Task to carry out: Only the lines below from the one containing "#170970=VERTEX_POINT('',#170960);" to the one containing "#180020=DIRECTION('',(0.,0.,1.));" should be repeated, both included and unchanged.

# # # #

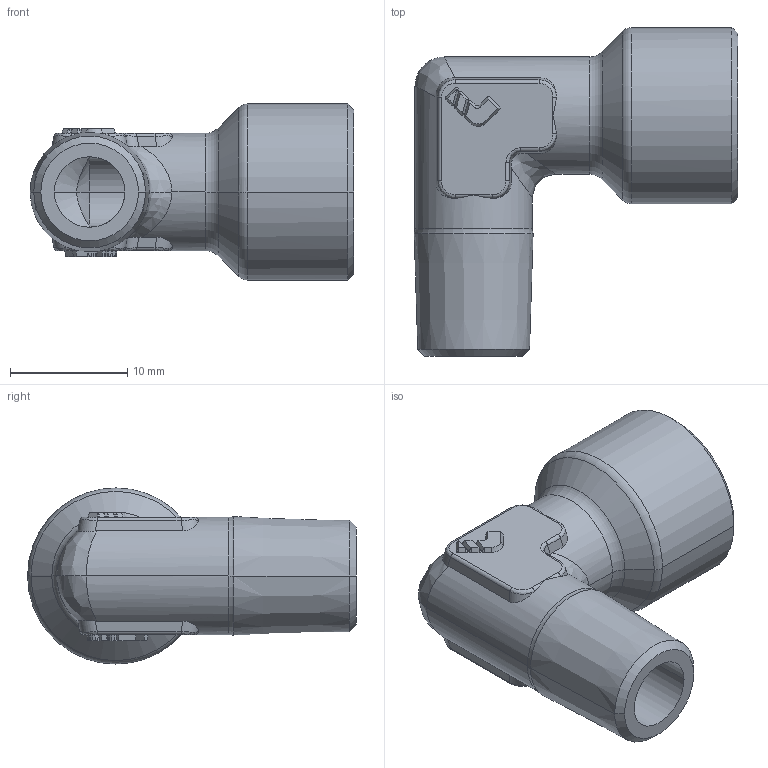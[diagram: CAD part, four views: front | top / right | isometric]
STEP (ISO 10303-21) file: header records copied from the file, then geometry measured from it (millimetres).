
FILE_DESCRIPTION(('STEP AP214'),'1');
FILE_NAME('1844_10_10.stp','2016-07-07T14:19:42',('TraceParts'),('TraceParts S.A.'),'Spatial InterOp 3D',' ',' ');
FILE_SCHEMA(('automotive_design'));
Length unit declared in the file: millimetre
Products named in the file (1): Solide1
Bounding box: 27.57 x 28 x 15 mm (x, y, z)
Volume: 2954.4 mm3; surface area: 2613.4 mm2
Topology: 1 solids, 1 shells, 262 faces, 712 edges, 460 vertices
Faces by surface type: plane 164, cylinder 40, cone 36, bspline 16, torus 6
Entity records: 12178 total; most frequent: CARTESIAN_POINT 3532, ORIENTED_EDGE 1424, DIRECTION 1266, EDGE_CURVE 712, LINE 526, VECTOR 526, VERTEX_POINT 460, AXIS2_PLACEMENT_3D 370
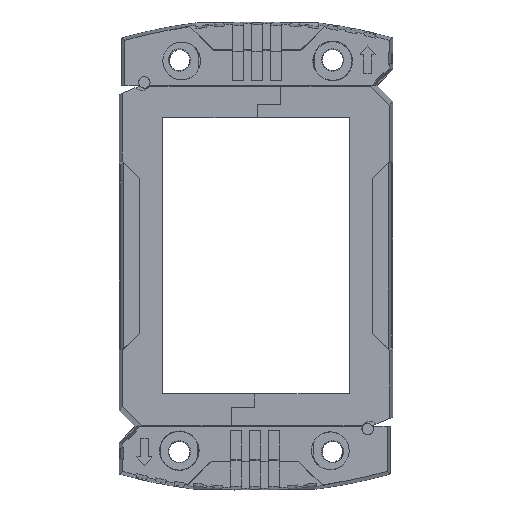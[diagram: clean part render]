
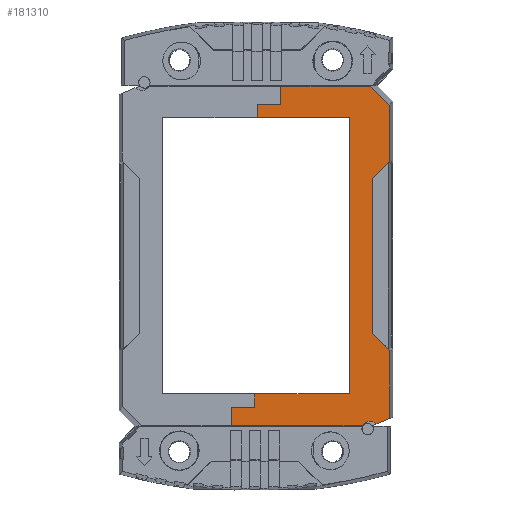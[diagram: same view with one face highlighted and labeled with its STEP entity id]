
A CAD part, top view. The second image highlights one B-rep face of the part: STEP entity #181310.
In plain terms, the highlighted planar face has unit normal (0, 0, 1).
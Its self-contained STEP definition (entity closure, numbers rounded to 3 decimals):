
#160800=CARTESIAN_POINT('',(-1.246,0.248,
18.));
#160810=VERTEX_POINT('',#160800);
#160840=CARTESIAN_POINT('',(-1.246,-18.253,
18.));
#160850=DIRECTION('',(0.,1.,0.));
#160860=VECTOR('',#160850,1.);
#160870=LINE('',#160840,#160860);
#160880=CARTESIAN_POINT('',(-1.246,3.088,
18.));
#160890=VERTEX_POINT('',#160880);
#160900=EDGE_CURVE('',#160810,#160890,#160870,.T.);
#163060=CARTESIAN_POINT('',(-1.746,-58.252,
18.));
#163070=VERTEX_POINT('',#163060);
#163100=CARTESIAN_POINT('',(0.,-58.252,18.));
#163110=DIRECTION('',(-1.,0.,0.));
#163120=VECTOR('',#163110,1.);
#163130=LINE('',#163100,#163120);
#163140=CARTESIAN_POINT('',(-21.246,-58.252,
18.));
#163150=VERTEX_POINT('',#163140);
#163160=EDGE_CURVE('',#163070,#163150,#163130,.T.);
#170920=CARTESIAN_POINT('',(-21.246,-18.253,
18.));
#170930=DIRECTION('',(0.,1.,0.));
#170940=VECTOR('',#170930,1.);
#170950=LINE('',#170920,#170940);
#170960=CARTESIAN_POINT('',(-21.246,0.248,
18.));
#170970=VERTEX_POINT('',#170960);
#170980=EDGE_CURVE('',#163150,#170970,#170950,.T.);
#176350=CARTESIAN_POINT('',(-2.996,0.248,
18.));
#176360=DIRECTION('',(1.,0.,0.));
#176370=VECTOR('',#176360,1.);
#176380=LINE('',#176350,#176370);
#176390=EDGE_CURVE('',#170970,#160810,#176380,.T.);
#180010=CARTESIAN_POINT('',(-23.702,-5.819,
18.));
#180020=DIRECTION('',(0.,0.,1.));
#180030=DIRECTION('',(1.,0.,0.));
#180040=AXIS2_PLACEMENT_3D('',#180010,#180020,#180030);
#180050=PLANE('',#180040);
#180060=CARTESIAN_POINT('',(0.,-61.094,18.));
#180070=DIRECTION('',(-1.,0.,0.));
#180080=VECTOR('',#180070,1.);
#180090=LINE('',#180060,#180080);
#180100=CARTESIAN_POINT('',(-1.746,-61.094,
18.));
#180110=VERTEX_POINT('',#180100);
#180120=CARTESIAN_POINT('',(-6.746,-61.094,
18.));
#180130=VERTEX_POINT('',#180120);
#180140=EDGE_CURVE('',#180110,#180130,#180090,.T.);
#180150=ORIENTED_EDGE('',*,*,#180140,.F.);
#180160=CARTESIAN_POINT('',(-6.746,0.,18.));
#180170=DIRECTION('',(0.,-1.,0.));
#180180=VECTOR('',#180170,1.);
#180190=LINE('',#180160,#180180);
#180200=CARTESIAN_POINT('',(-6.746,-64.983,
18.));
#180210=VERTEX_POINT('',#180200);
#180220=EDGE_CURVE('',#180130,#180210,#180190,.T.);
#180230=ORIENTED_EDGE('',*,*,#180220,.F.);
#180240=CARTESIAN_POINT('',(0.,-64.983,18.));
#180250=DIRECTION('',(-1.,0.,0.));
#180260=VECTOR('',#180250,1.);
#180270=LINE('',#180240,#180260);
#180280=CARTESIAN_POINT('',(-25.744,-64.983,
18.));
#180290=VERTEX_POINT('',#180280);
#180300=EDGE_CURVE('',#180210,#180290,#180270,.T.);
#180310=ORIENTED_EDGE('',*,*,#180300,.F.);
#180320=CARTESIAN_POINT('',(-72.473,-18.253,
18.));
#180330=DIRECTION('',(-0.707,0.707,0.));
#180340=VECTOR('',#180330,1.);
#180350=LINE('',#180320,#180340);
#180360=CARTESIAN_POINT('',(-29.797,-60.929,
18.));
#180370=VERTEX_POINT('',#180360);
#180380=EDGE_CURVE('',#180290,#180370,#180350,.T.);
#180390=ORIENTED_EDGE('',*,*,#180380,.F.);
#180400=CARTESIAN_POINT('',(-29.797,-18.253,
18.));
#180410=DIRECTION('',(0.,-1.,0.));
#180420=VECTOR('',#180410,1.);
#180430=LINE('',#180400,#180420);
#180440=CARTESIAN_POINT('',(-29.797,-49.035,
18.));
#180450=VERTEX_POINT('',#180440);
#180460=EDGE_CURVE('',#180450,#180370,#180430,.T.);
#180470=ORIENTED_EDGE('',*,*,#180460,.T.);
#180480=CARTESIAN_POINT('',(0.985,-18.253,
18.));
#180490=DIRECTION('',(0.707,0.707,0.));
#180500=VECTOR('',#180490,1.);
#180510=LINE('',#180480,#180500);
#180520=CARTESIAN_POINT('',(-26.159,-45.397,
18.));
#180530=VERTEX_POINT('',#180520);
#180540=EDGE_CURVE('',#180450,#180530,#180510,.T.);
#180550=ORIENTED_EDGE('',*,*,#180540,.F.);
#180560=CARTESIAN_POINT('',(-26.159,-18.253,
18.));
#180570=DIRECTION('',(0.,-1.,0.));
#180580=VECTOR('',#180570,1.);
#180590=LINE('',#180560,#180580);
#180600=CARTESIAN_POINT('',(-26.159,-12.57,
18.));
#180610=VERTEX_POINT('',#180600);
#180620=EDGE_CURVE('',#180610,#180530,#180590,.T.);
#180630=ORIENTED_EDGE('',*,*,#180620,.T.);
#180640=CARTESIAN_POINT('',(-20.476,-18.253,
18.));
#180650=DIRECTION('',(0.707,-0.707,0.));
#180660=VECTOR('',#180650,1.);
#180670=LINE('',#180640,#180660);
#180680=CARTESIAN_POINT('',(-29.797,-8.932,
18.));
#180690=VERTEX_POINT('',#180680);
#180700=EDGE_CURVE('',#180690,#180610,#180670,.T.);
#180710=ORIENTED_EDGE('',*,*,#180700,.T.);
#180720=CARTESIAN_POINT('',(-29.797,-18.253,
18.));
#180730=DIRECTION('',(0.,1.,0.));
#180740=VECTOR('',#180730,1.);
#180750=LINE('',#180720,#180740);
#180760=CARTESIAN_POINT('',(-29.797,5.441,
18.));
#180770=VERTEX_POINT('',#180760);
#180780=EDGE_CURVE('',#180690,#180770,#180750,.T.);
#180790=ORIENTED_EDGE('',*,*,#180780,.F.);
#180800=CARTESIAN_POINT('',(-2.996,16.818,
18.));
#180810=DIRECTION('',(0.921,0.391,0.));
#180820=VECTOR('',#180810,1.);
#180830=LINE('',#180800,#180820);
#180840=CARTESIAN_POINT('',(-26.92,6.662,
18.));
#180850=VERTEX_POINT('',#180840);
#180860=EDGE_CURVE('',#180770,#180850,#180830,.T.);
#180870=ORIENTED_EDGE('',*,*,#180860,.F.);
#180880=CARTESIAN_POINT('',(-25.652,7.639,
18.));
#180890=DIRECTION('',(0.,0.,1.));
#180900=DIRECTION('',(0.,1.,0.));
#180910=AXIS2_PLACEMENT_3D('',#180880,#180890,#180900);
#180920=CIRCLE('',#180910,1.6);
#180930=CARTESIAN_POINT('',(-24.195,6.977,
18.));
#180940=VERTEX_POINT('',#180930);
#180950=EDGE_CURVE('',#180850,#180940,#180920,.T.);
#180960=ORIENTED_EDGE('',*,*,#180950,.F.);
#180970=CARTESIAN_POINT('',(-2.996,6.977,
18.));
#180980=DIRECTION('',(-1.,0.,0.));
#180990=VECTOR('',#180980,1.);
#181000=LINE('',#180970,#180990);
#181010=CARTESIAN_POINT('',(3.754,6.977,
18.));
#181020=VERTEX_POINT('',#181010);
#181030=EDGE_CURVE('',#181020,#180940,#181000,.T.);
#181040=ORIENTED_EDGE('',*,*,#181030,.T.);
#181050=CARTESIAN_POINT('',(3.754,-18.253,
18.));
#181060=DIRECTION('',(0.,-1.,0.));
#181070=VECTOR('',#181060,1.);
#181080=LINE('',#181050,#181070);
#181090=CARTESIAN_POINT('',(3.754,3.088,
18.));
#181100=VERTEX_POINT('',#181090);
#181110=EDGE_CURVE('',#181020,#181100,#181080,.T.);
#181120=ORIENTED_EDGE('',*,*,#181110,.F.);
#181130=CARTESIAN_POINT('',(-2.496,3.088,
18.));
#181140=DIRECTION('',(-1.,0.,0.));
#181150=VECTOR('',#181140,1.);
#181160=LINE('',#181130,#181150);
#181170=EDGE_CURVE('',#181100,#160890,#181160,.T.);
#181180=ORIENTED_EDGE('',*,*,#181170,.F.);
#181190=ORIENTED_EDGE('',*,*,#160900,.T.);
#181200=ORIENTED_EDGE('',*,*,#176390,.T.);
#181210=ORIENTED_EDGE('',*,*,#170980,.T.);
#181220=ORIENTED_EDGE('',*,*,#163160,.T.);
#181230=CARTESIAN_POINT('',(-1.746,0.,18.));
#181240=DIRECTION('',(0.,1.,0.));
#181250=VECTOR('',#181240,1.);
#181260=LINE('',#181230,#181250);
#181270=EDGE_CURVE('',#180110,#163070,#181260,.T.);
#181280=ORIENTED_EDGE('',*,*,#181270,.T.);
#181290=EDGE_LOOP('',(#181280,#181220,#181210,#181200,#181190,#181180,
#181120,#181040,#180960,#180870,#180790,#180710,#180630,#180550,#180470,
#180390,#180310,#180230,#180150));
#181300=FACE_OUTER_BOUND('',#181290,.T.);
#181310=ADVANCED_FACE('',(#181300),#180050,.T.);

# # # #

Task result:
#170970=VERTEX_POINT('',#170960);
#170980=EDGE_CURVE('',#163150,#170970,#170950,.T.);
#176350=CARTESIAN_POINT('',(-2.996,0.248,
18.));
#176360=DIRECTION('',(1.,0.,0.));
#176370=VECTOR('',#176360,1.);
#176380=LINE('',#176350,#176370);
#176390=EDGE_CURVE('',#170970,#160810,#176380,.T.);
#180010=CARTESIAN_POINT('',(-23.702,-5.819,
18.));
#180020=DIRECTION('',(0.,0.,1.));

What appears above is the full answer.